Well, it's probably true. Nobody's talking about it much, but not because it's a secret. It all hinges on Federal Communications approval of a signal switcheroo.
According to FCC documents, Chicago-based Lakeshore Media is selling Willcox country station KWCX, FM 104.9, to Clear Channel. The sale is contingent on getting approval to reallocate the signal from Willcox to the Tucson area, possibly to Davis-Monthan Air Force Base.
Although plenty of signals populate the Willcox radio dial, only two of them originate in the town itself. (The other is Lakeshore's little five-kilowatt KHIL, 1250 AM.) The FCC will probably want to be assured that KWCX, or whatever its call letters become, will somehow continue to serve Willcox despite the move. Another hitch seems to be that an outside party is lobbying to get the signal reallocated to Sells.
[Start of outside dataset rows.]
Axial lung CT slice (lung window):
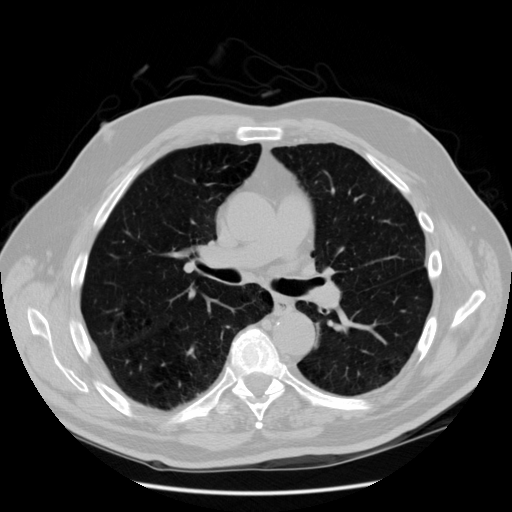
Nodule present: no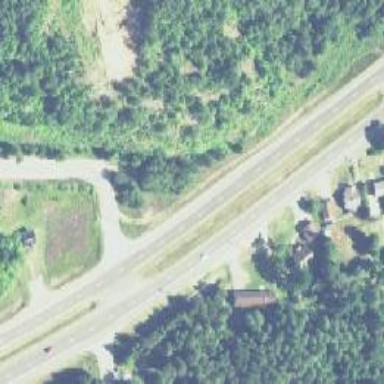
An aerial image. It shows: Trunk highway.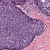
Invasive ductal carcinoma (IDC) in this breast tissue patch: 0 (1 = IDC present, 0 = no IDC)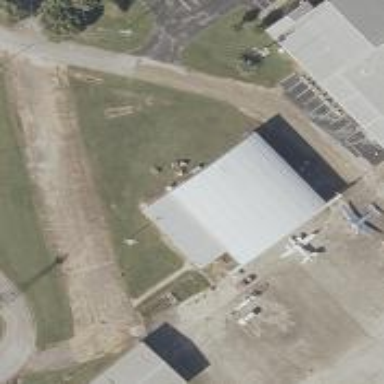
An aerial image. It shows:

The process has been grinding on for more than a year. FCC records show approval for Lakeshore to sell the station to Clear Channel in March 2003 for $2.5 million.
Lakeshore had purchased the station for $1.1 million in October 2001. So this means a nice, quick profit--once the deal goes through. Even nicer for Clear Channel: Once the station comes to Tucson, it could be worth $9 to $10 million.
According to Bruce Buzil, one of Lakeshore's owners, his organization is a "developmental company."
Says Buzil, "That means we find stations that can be upgraded and then sold," sort of the radio equivalent of fixer-uppers in the real estate market. Lakeshore owns only about five stations right now; the technique, apparently, is to flip them before getting bogged down in day-to-day management and long-term problems.
Dan Curtis, general manager of KWCX, doesn't much care for Lakeshore's management style and says he's been kept in the dark about the company's plans. Expect him to be grabbing his hat and heading out the door permanently any day now.
Even Clear Channel's Wagner wasn't quite sure exactly what was going on when I first asked her about this several weeks ago. But if the deal goes through, the station will become her responsibility.
Even more signals may be insinuating themselves into town, although the stations won't be licensed to Tucson. There are rumors of efforts to move an FM station from Nogales to Vail, and another from Sierra Vista to Corona de Tucson. It's a way to penetrate a substantial market while technically serving smaller communities. (Years ago, channel 11 was licensed primarily in Nogales, even though its studio and main transmitter were in midtown Tucson.)
The most interesting question is what these stations will broadcast. But that's an issue of no concern to the FCC--as long as it isn't obscene.